Sunday, August 7, 2011

Disciplining Freud on Religion: Perspectives from the Humanities and Sciences

Disciplining Freud on Religion: Perspectives from the Humanities and Sciences Review



It is well known that in formulating his general theoretical framework and views on religion Freud drew on multiple disciplines within the natural and social sciences, as well as from the humanities. This edited collection adds to the continued multidisciplinary interest in Freud by focusing on his understanding and interpretation of_as well as his relationship to_religion. It 'disciplines' Freud by situating his work on religion from the methodological interests and theoretical advances found in diverse disciplinary contexts. Scholars within the field of religious studies, Jewish Studies, philosophy, and the natural sciences bring together their diverse voices to heighten the academic understanding of Freud on religion. The contributors aim to establish closer and more direct interdisciplinary communication and collaboration with regard to Freudian Studies. This volume should appeal to a wide range of scholars, for upper level undergraduate and graduate classes and those training in psychoanalysis.


Saturday, August 6, 2011

Vergänglichkeit (Historischen Kontext) (Active Index) (German Edition)

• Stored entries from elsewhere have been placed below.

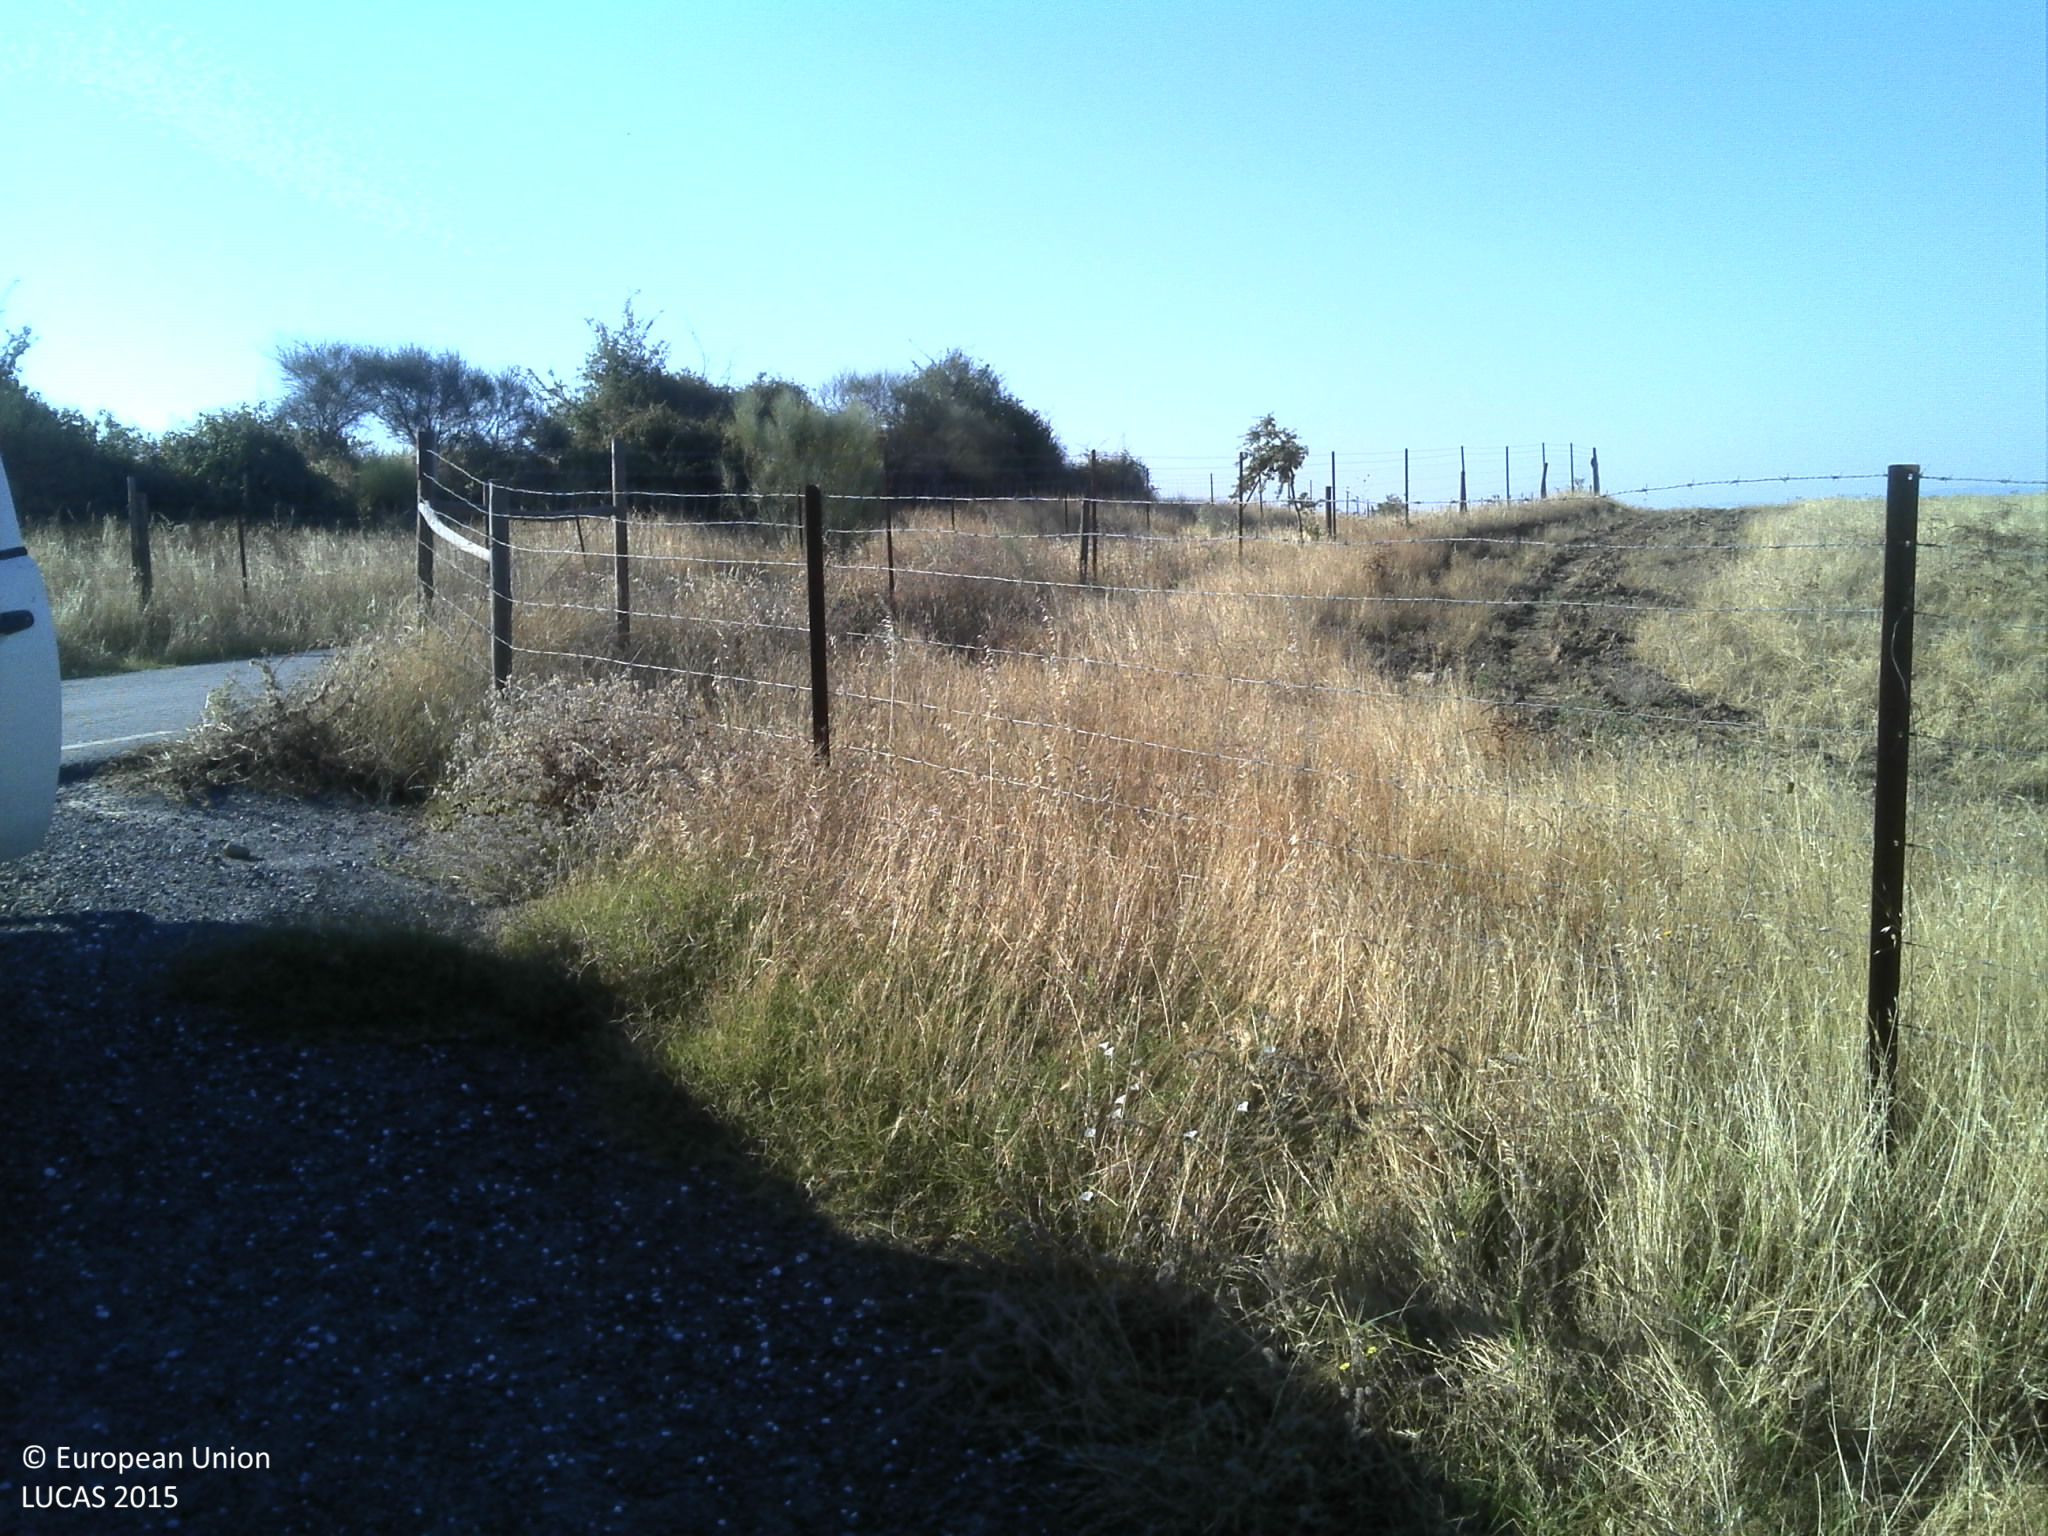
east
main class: Cropland
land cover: Arable land (only in case pi)
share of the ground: 50 - 75 %
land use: Agriculture (excluding fallow land and kitchen gardens)
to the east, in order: Arable land (only in case pi); Tracks; Arable land (only in case pi); Rivers and streams; Arable land (only in case pi); Rock outcrops; Arable land (only in case pi); Rock outcrops; Arable land (only in case pi)
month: June
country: PT
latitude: 39.9157
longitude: -7.3052
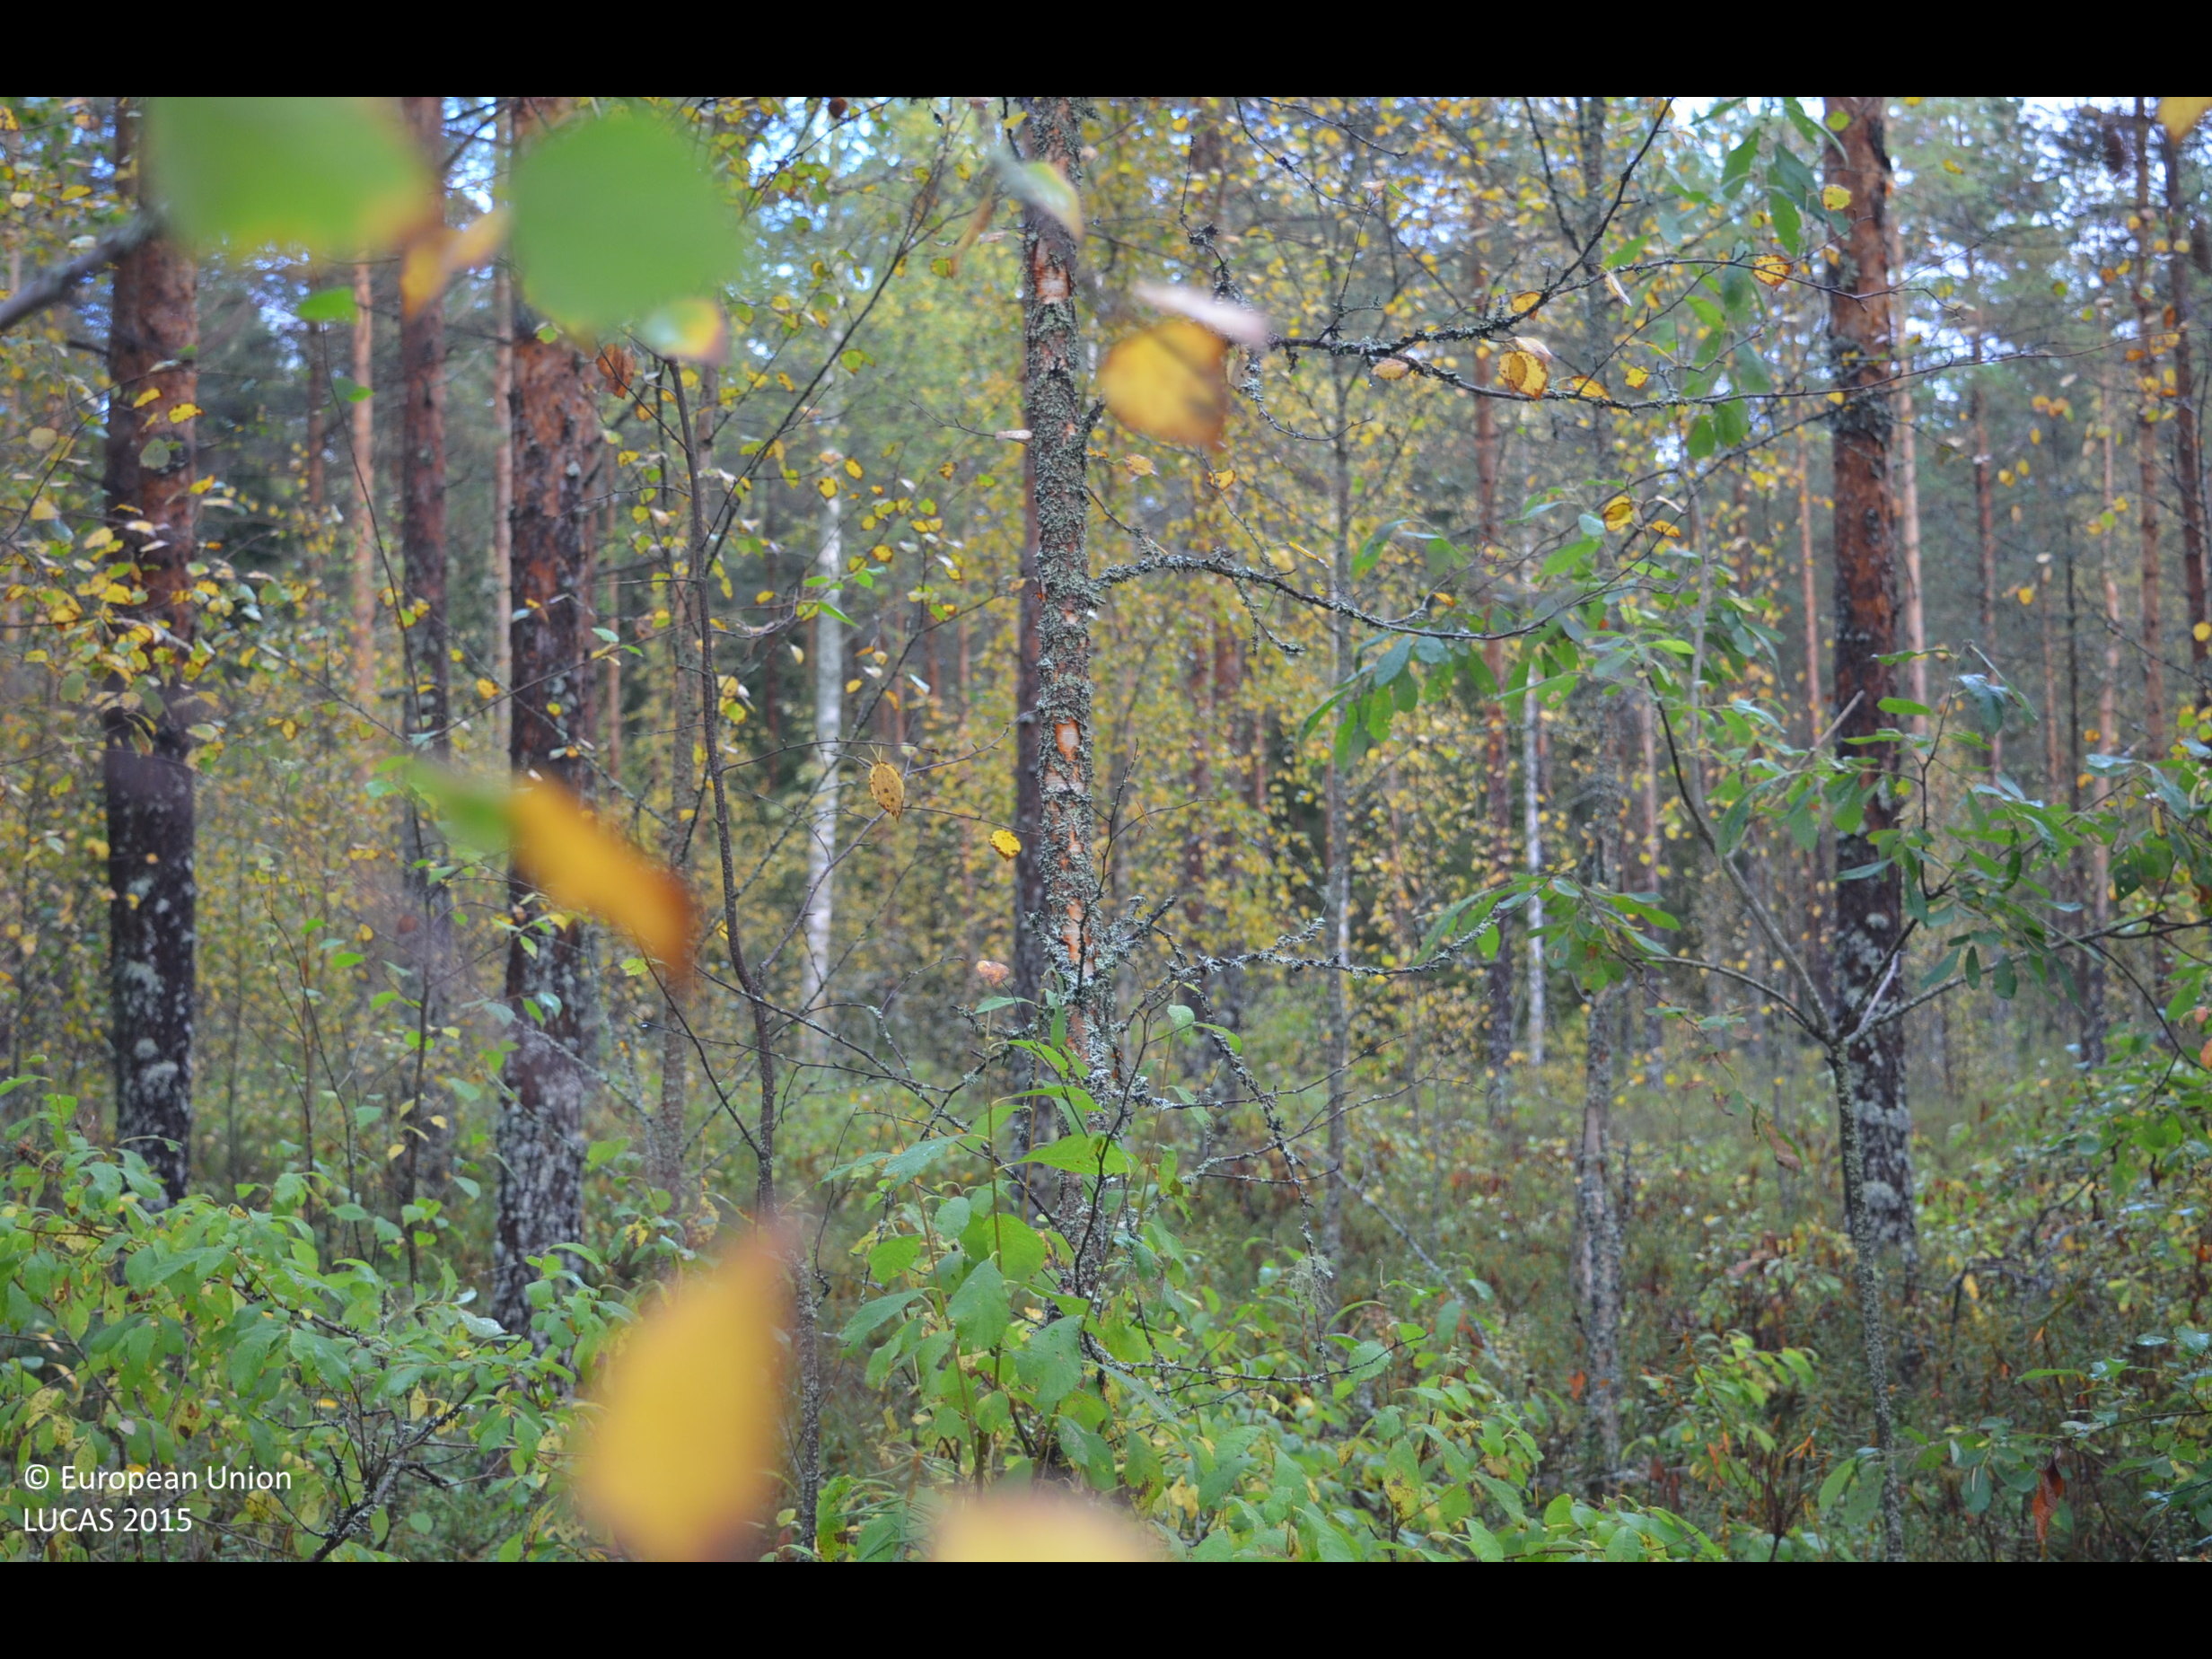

Vergänglichkeit (Historischen Kontext) (Active Index) (German Edition) Review



Vergänglichkeit. Dieses Buch enthält die Biografie und Bibliografie des Autors und / oder einen historischen Kontext des Buches.


Thursday, August 4, 2011

The Freud/Jung Letters

The Freud/Jung Letters Review



This abridged edition makes the Freud/Jung correspondence accessible to a general readership at a time of renewed critical and historical reevaluation of the documentary roots of modern psychoanalysis. This edition reproduces William McGuire's definitive introduction, but does not contain the critical apparatus of the original edition.